Человек насторожился, потому что до него донеслись невнятные голоса. Собственно, голоса уже доносились какое‑то время, но, пришибленный мыслями, он не отдавал себе в этом отчета. А теперь они стали несколько громче – размытые, бултыхающиеся, но отдельные слова разобрать было можно. Что‑то вроде: Положи!.. – А затем, через секунду: Займись своим делом!.. – И одновременно раздавался лязг, как будто от металлических соприкосновений. Было непонятно, откуда они доносились. Вероятно, из помещения, наружная стена которого выходила во двор. Но тогда здесь должно быть какое‑нибудь боковое отверстие. Иначе странно. Однако, никакого бокового отверстия не было. Во всяком случае, в темноте он его не видел. В конце концов, какое это имеет значение? Отверстие – не отверстие. Разве об этом сейчас надо думать? Надо думать о том, как жить дальше. Как отсюда выбраться и как вообще существовать. Вот о чем сейчас следует думать.

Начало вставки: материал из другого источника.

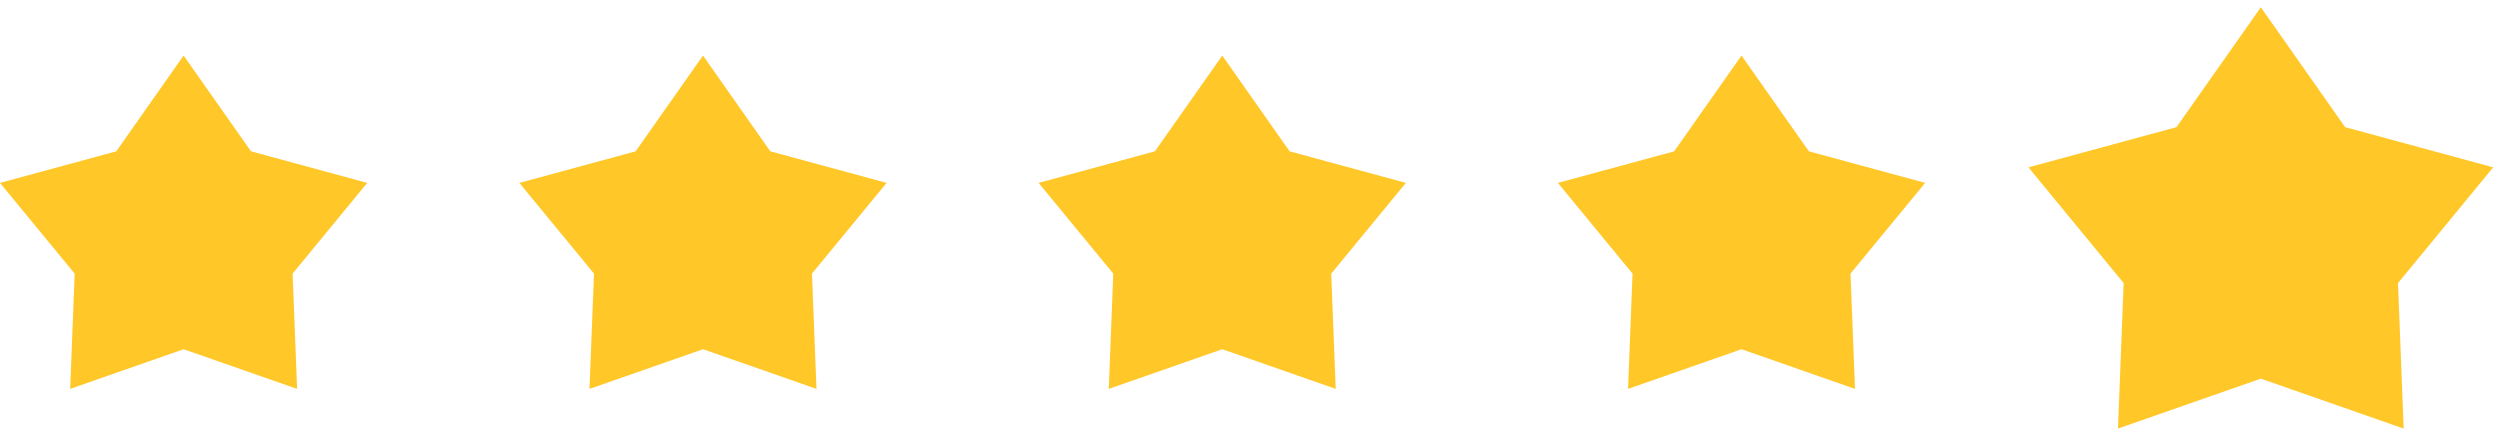 <?xml version="1.0" encoding="UTF-8"?> <svg xmlns="http://www.w3.org/2000/svg" width="45" height="8" viewBox="0 0 45 8" fill="none"> <path d="M3.305 1L4.518 2.724L6.61 3.292L5.267 4.925L5.348 7L3.305 6.286L1.263 7L1.344 4.925L0 3.292L2.093 2.724L3.305 1Z" fill="#FFC727"></path> <path d="M12.654 1L13.866 2.724L15.959 3.292L14.615 4.925L14.697 7L12.654 6.286L10.611 7L10.692 4.925L9.349 3.292L11.441 2.724L12.654 1Z" fill="#FFC727"></path> <path d="M22.001 1L23.213 2.724L25.306 3.292L23.962 4.925L24.043 7L22.001 6.286L19.958 7L20.039 4.925L18.695 3.292L20.788 2.724L22.001 1Z" fill="#FFC727"></path> <path d="M31.347 1L32.56 2.724L34.653 3.292L33.309 4.925L33.39 7L31.347 6.286L29.305 7L29.386 4.925L28.042 3.292L30.135 2.724L31.347 1Z" fill="#FFC727"></path> <path d="M40.695 1L41.907 2.724L44 3.292L42.657 4.925L42.738 7L40.695 6.286L38.652 7L38.733 4.925L37.39 3.292L39.482 2.724L40.695 1Z" fill="#FFC727" stroke="#FFC727" stroke-miterlimit="10"></path> <path d="M40.695 6.286V1L39.482 2.724L37.39 3.292L38.733 4.925L38.652 7L40.695 6.286Z" fill="#FFC727"></path> </svg>

Наверное, он потерял осторожность, пытаясь что‑нибудь разглядеть под низкими темными сводами, так как куча досок слева от него неожиданно покачнулась – он почувствовал, что зацепил ее рукавом – что‑то тихо поехало, заскрипело и вдруг с шумом обрушилось, ломая фанеру. А поверх этого шума, дребезжа жестяными боками, выкатилась на середину двора пустая консервная банка.

Человек сразу вскочил, чтобы бежать. Нет, не сразу – он сначала опять зацепился за что‑то, растянулся треск драной материи, были потеряны какие‑то доли секунды. И поэтому, когда он выпрямился, уже было поздно. Вспыхнул яростный свет фонаря, направленного в лицо, и знакомый уверенный голос сказал:

– Ну вот видишь, я же говорил: некуда ему деться. А ты – Хобот, Хобот… Ничего, все в порядке. Хобот будет доволен, – и добавил, по‑видимому, обращаясь к ослепленному обеспамятевшему человеку. – Ну зачем ты бегаешь, дурачок? Не надо бегать. Мы же тебя все равно найдем…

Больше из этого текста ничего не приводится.